Rapid Palatal Expander
The method used to expand the upper jaw depends on the age of the patient and the reason for the treatment. One solution is a fixed appliance such as the rapid palatal expander (RPE), which is attached to the upper molars usually through use of cemented bands.
A RPE comes with a special key used to widen the space by turning a screw in the center of the appliance at certain points in time. This places outward pressure on the two halves of your child’s upper jaw, which causes extra bone to grow between them. By making minute adjustments on a daily basis, you gradually increase the width of the jaw.

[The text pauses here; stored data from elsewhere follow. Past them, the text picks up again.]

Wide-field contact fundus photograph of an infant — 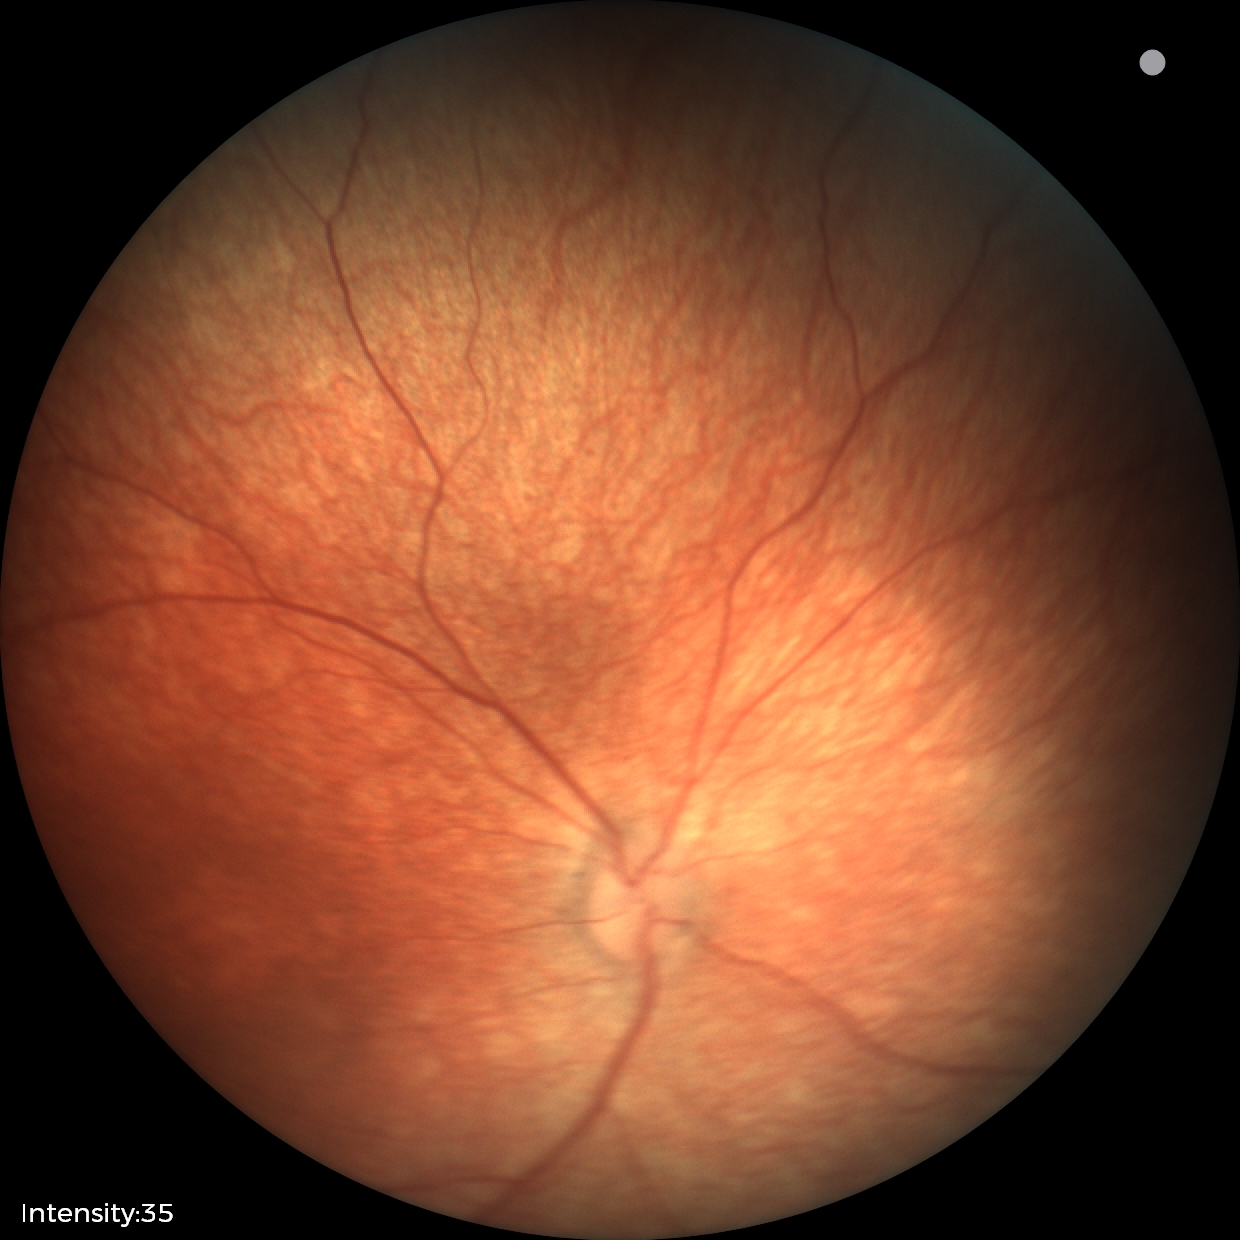

Screening examination diagnosed as physiological.
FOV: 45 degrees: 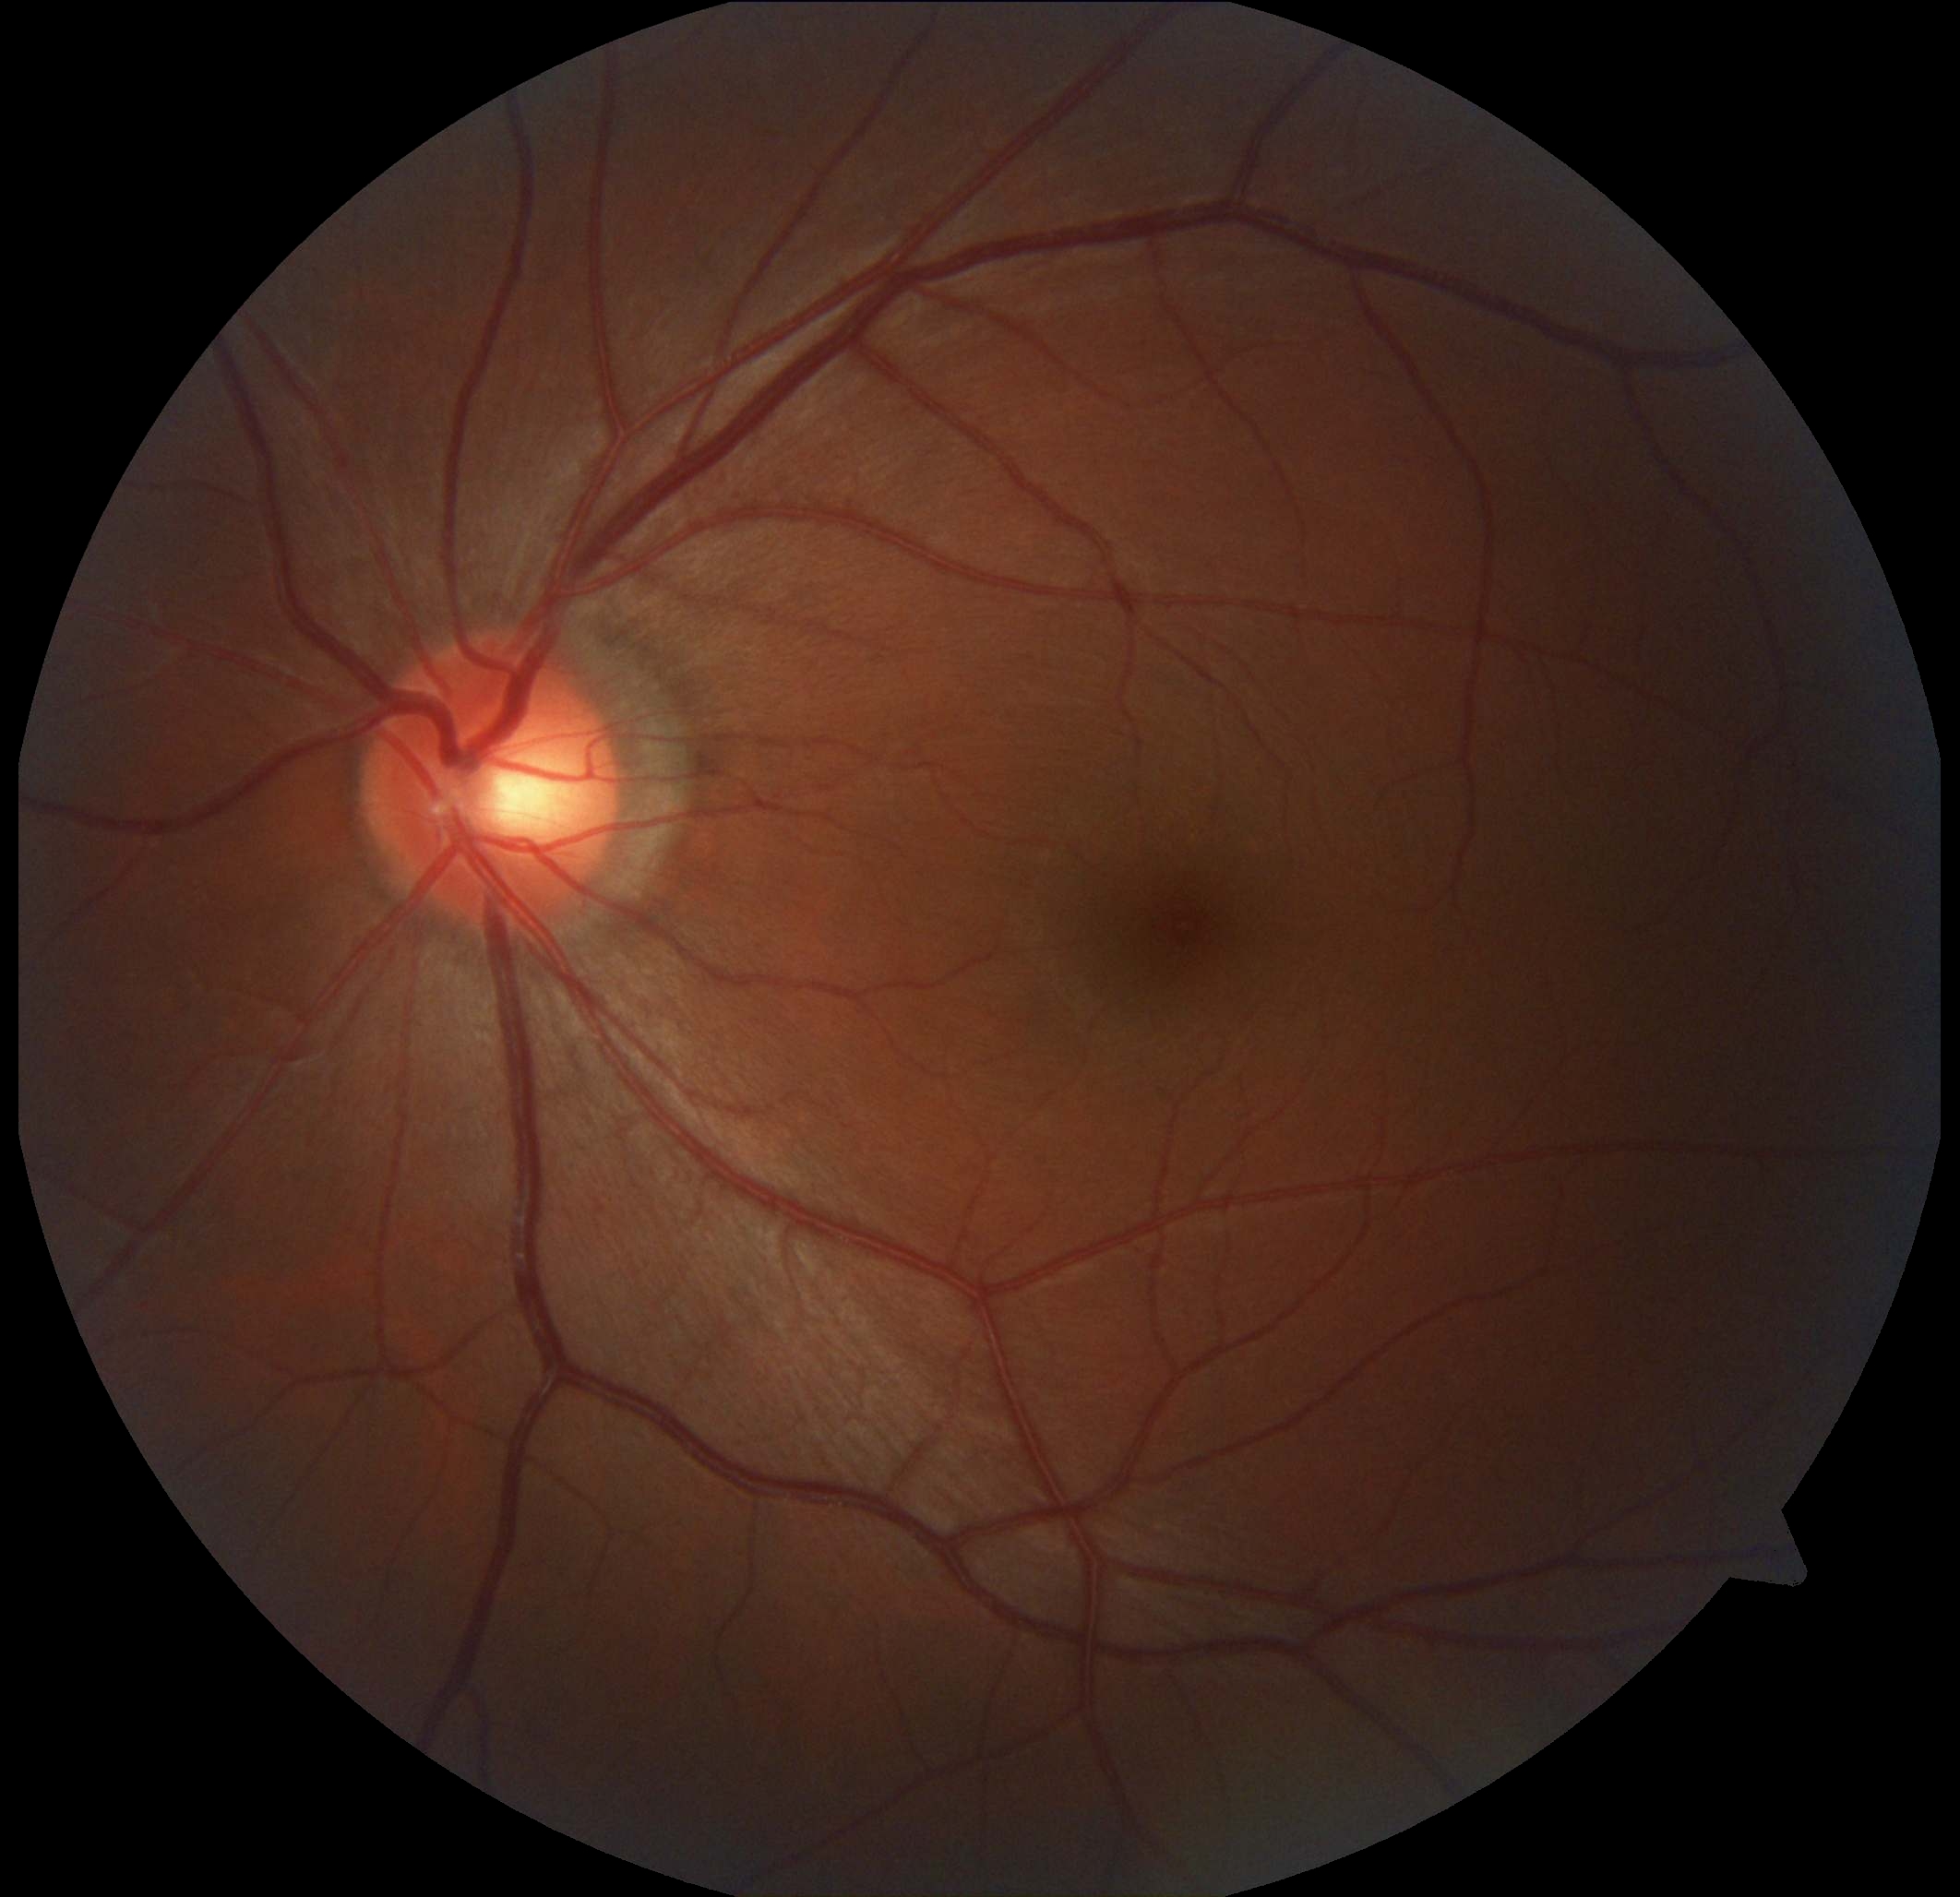
DR impression: no DR findings | DR: 0.

Surgically assisted rapid palatal expansion (SARPE) is a combination of orthodontic treatment and surgery, used in adult cases where expansion is needed “separating” the upper jaw into movable segments. This allows the bone to grow between them when the appliance is activated after surgery. “Wilckodontics” is a periodontal surgical procedure that can widen dental arches with a less invasive surgery when less expansion is needed for adults.
Removable expanders are typically used in cases where the degree of expansion needed is minimal, and are more likely to be recommended for adults than children because they more easily comply with the treatment. An orthodontic retainer might be fitted to maintain the space after treatment until all the permanent teeth have erupted.
Dental hygiene is important during upper jaw expansion. While children have the palatal expander, it’s necessary to clean it carefully each time they brush their teeth with a fluoride toothpaste. Kids and young adolescents can also rinse with anti-bacterial products.
Pros and Cons
The benefits of upper jaw expansion far outweigh the cons. Expansion produces a correct bite, a wider smile, and easier breathing. However, the process causes some discomfort during expansion. The results are well worth the discomfort given the upside of a lifetime of better breathing, less need for dental extractions for orthodontic treatment, and a beautiful, wider smile!